Раб раздел Фарада до пояса, содрал засохшую кровяную корку. Из раны стала сочиться кровь. Фарад напрягся, но раб лишь успокаивающе поклонился и что-то пробормотал про себя. Возможно, это было и не проклятие, но раб, как и большинство вендийцев, чувствовал свое превосходство над шальными афгулами. Столетия пограничных схваток, сотни сожженных деревень и ограбленных караванов воспитали в нем врожденную неприязнь.
Однако Конан понимал несколько вендийских диалектов, и, как только раб прошептал что-то нехорошее в адрес афгула, киммериец сделал ему замечание. И еще он прибавил, что если хирург не станет держать язык за зубами, то лишится и того и другого или ему просто зашьют губы.

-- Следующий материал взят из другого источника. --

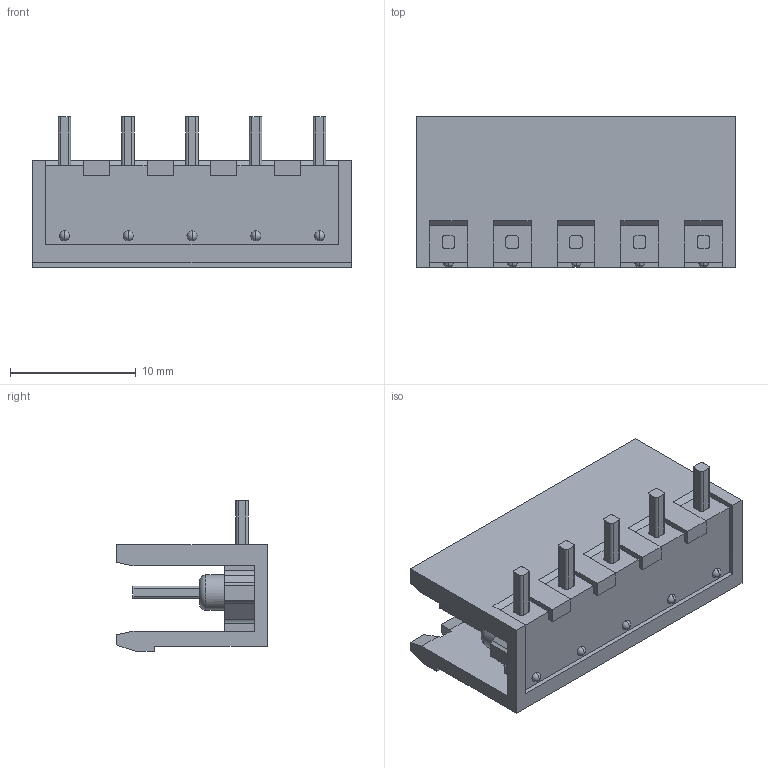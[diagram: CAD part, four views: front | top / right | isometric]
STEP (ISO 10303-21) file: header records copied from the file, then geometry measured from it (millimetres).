
FILE_DESCRIPTION(('STEP AP203'),'1');
FILE_NAME('20020109h053a01lf.stp','2016-03-10T11:48:16',('TraceParts'),('TraceParts S.A.'),'Spatial InterOp 3D',' ',' ');
FILE_SCHEMA(('CONFIG_CONTROL_DESIGN'));
Length unit declared in the file: millimetre
Products named in the file (1): 1
Bounding box: 25.4 x 12 x 11.99 mm (x, y, z)
Volume: 1076.7 mm3; surface area: 2081.1 mm2
Topology: 1 solids, 1 shells, 331 faces, 912 edges, 593 vertices
Faces by surface type: plane 201, cylinder 95, torus 20, sphere 10, cone 5
Entity records: 10551 total; most frequent: CARTESIAN_POINT 1887, DIRECTION 1829, ORIENTED_EDGE 1804, EDGE_CURVE 902, LINE 615, VECTOR 615, AXIS2_PLACEMENT_3D 607, VERTEX_POINT 593

Немые всегда считались лучшими рабами, ведь немота улучшает манеры…
Раб тут же выказал смирение, пообещав хорошо вести себя в будущем.
Вендиец действовал не только быстро, но ловко. Он закончил накладывать свежие повязки на истерзанные ребра Фарада, когда у входа в палатку раздались чьи-то шаги. В палатку быстро вошел капитан Хезаль.
Ни его внезапное появление, ни выражение лица не сулили ничего хорошего. Одного взгляда капитана оказалось достаточно, чтобы раб-вендиец поспешно исчез, словно в штанах у него свили гнездо скорпионы. Хезаль остановился, внимательно глядя на Конана.
Киммериец даже не пытался догадаться, какие именно плохие новости принес капитан. Похоже, план Хезаля грозил рухнуть в полудюжине мест, прежде чем они увидят первые пики Кезанкийских гор. Северянин не очень хорошо знал туранские интриги или враждующих кочевников, чтобы понять, что происходит.
В конце концов, Конан решил, что может положиться на то, что Хезаль скажет ему все, что сможет рассказать нейуранцу.
- Мы обнаружили остальных твоих афгулов, - сказал Хезаль.
- Разумеется, - встрял Фарад.
Конан понадеялся, что Хезаль не расслышал ироничные нотки в голосе афгула.
- Или, скорее, они обнаружили тех, кто искал их, - продолжал Хезаль. - Афгулы устроили засаду еще более хитрую, чем я мог бы ожидать от таких искусных воинов.
- Лесть всегда приятна, - сказал Конан. - Но разборки с горцами отнимут много времени, которого и так мало, если верить твоим рассказам.
- Прости меня, Конан, я забыл, что ты никогда не был придворным.
- Тогда говори по делу, мой друг. А то я тоже стану придворным, иначе как я смогу слушать твою лесть.
Хезаль глубоко вздохнул:
- Бежавшие афгулы устроили засаду. Они заставили спешиться отряд Зеленых плащей, захватили в плен несколько моих воинов и держат их как заложников в пещере. Они угрожают изуродовать их и кастрировать, если Конана и остальных афгулов, оказавшихся в руках туранцев, не отпустят.
Фарад, как и боялся Конан, встретил эти слова хохотом, который был слышен по всему лагерю. Лицо Хезаля покраснело от ярости, и он поднял глаза, уставившись в потолок палатки, словно желая, чтобы небо обрушилось на афгулов, или на него самого, или на всех разом, чтобы спасти его от стыда.
Наконец и Фарад, и Хезаль взяли себя в руки, и в Наступившей тишине заговорил Конан:
- Раз так, мы должны поехать и показать, что мы живы и свободны, прежде чем афгулы сделают что-то с твоими людьми.